We’re focused on digitisation and have taken it upon ourselves to find ways to operate, even though we’re in lockdown. We’ve been encouraging our team to upskill themselves, too. We’re also focusing on digitisation. As a retail outlet, we were the first ones to go omnichannel and have found that the lockdown has accelerated the adoption of technology across teams. We really want to encourage our members to shop online right now, and are looking at bringing in an expedited delivery system.

Eighty per cent of our loyalty base comes from our loyalty program and it’s critical for us to talk to our customers at this time. Our CSR initiative is titled ‘Citizen First’ and we demonstrate that even though we’re a business, we’re citizens first and that’s what our messages are based on.

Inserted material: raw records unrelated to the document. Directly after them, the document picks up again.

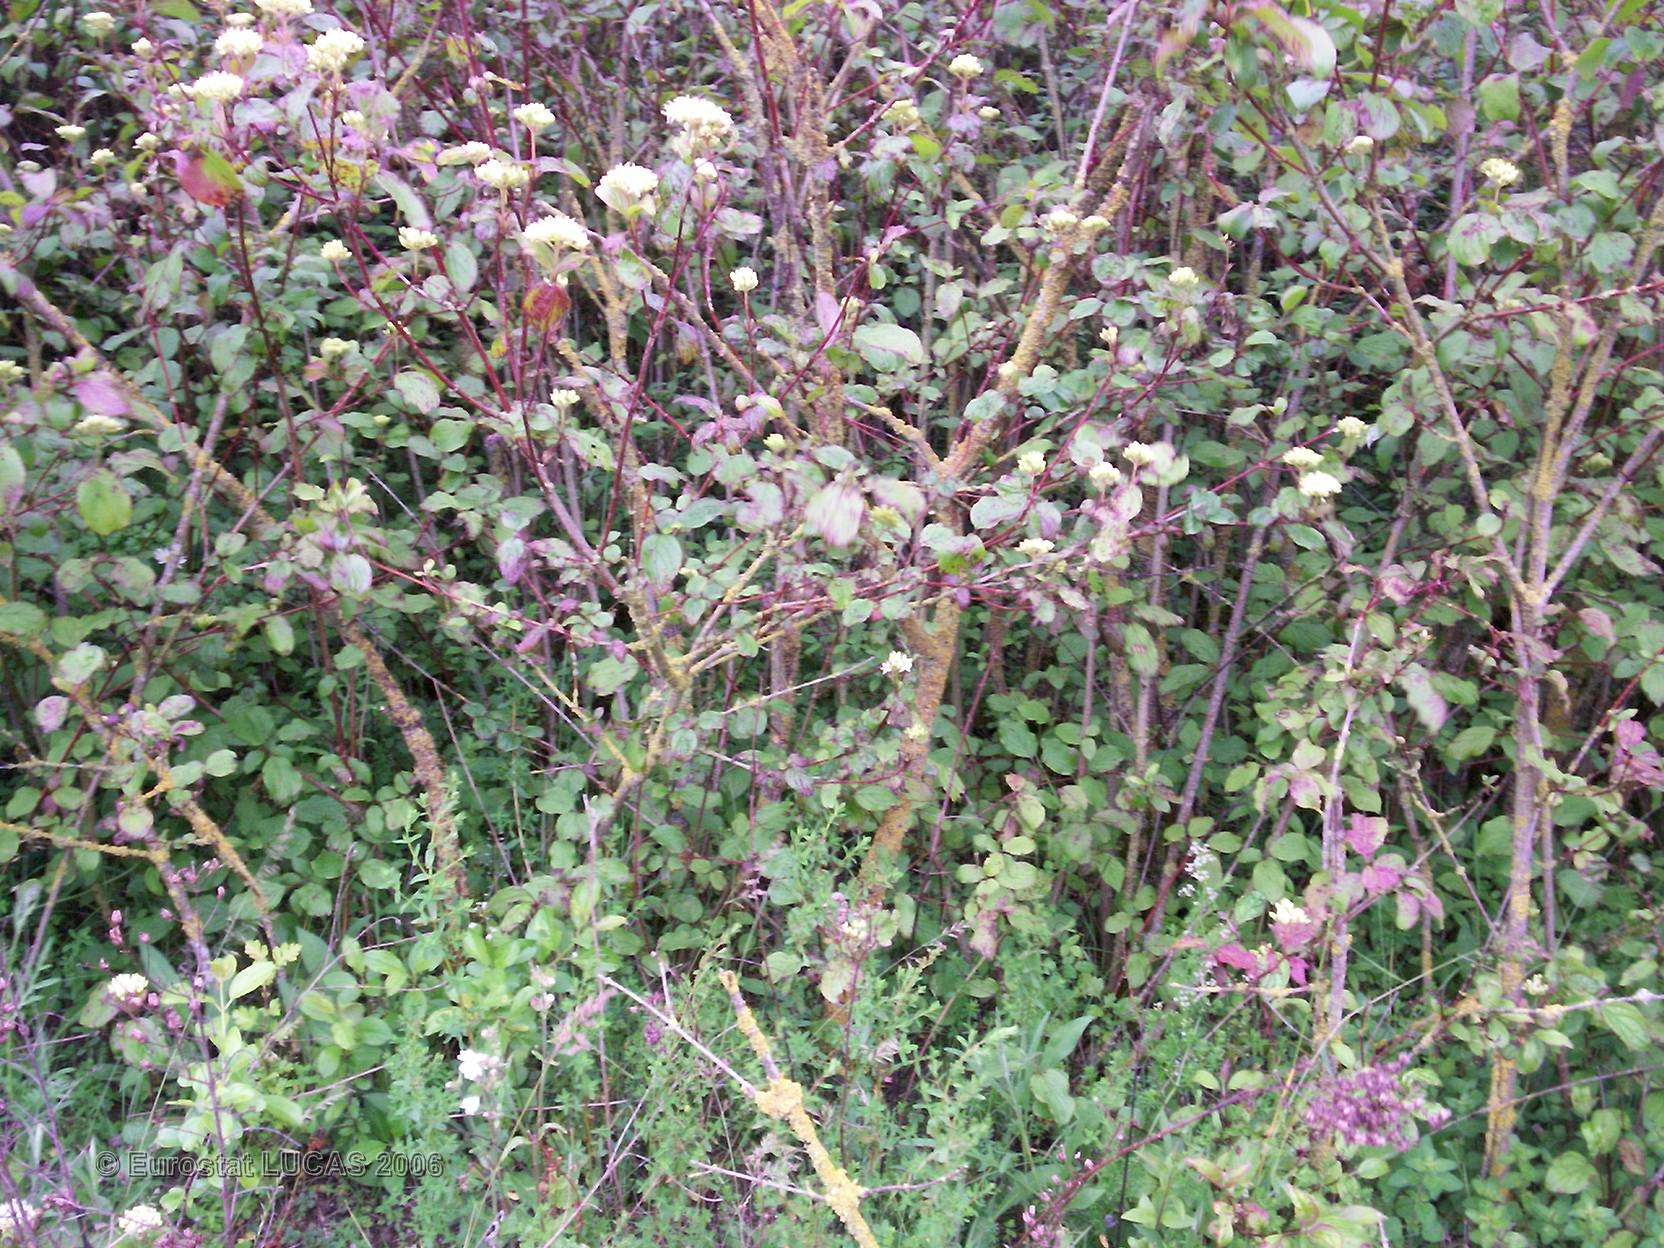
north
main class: Cropland
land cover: Barley
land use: Agriculture (excluding fallow land and kitchen gardens)
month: June
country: FR
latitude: 48.6785
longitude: 4.4420

We’ve been trying to find new ways to communicate with our core audience – young women and children. We did a series with Penguin, which is a selection of stories brought to life virtually. Crossword also belongs to the Shoppers Stop family, so additionally, we’ve been sending our customers a free e-book every week so they have some reading to keep them occupied.

We’ve also teamed up with Adidas and Reebok for fitness-related content – the latest one being (hosting) yoga sessions with Malaika Arora on our social media handles. We’re also creating beauty-themed content with brands like Clinique on how to look presentable on Zoom calls, etc., and are also attempting to help them prep for life post lockdown. We’ve reached out to nearly 20 lakh customers via our live events in the past two weeks.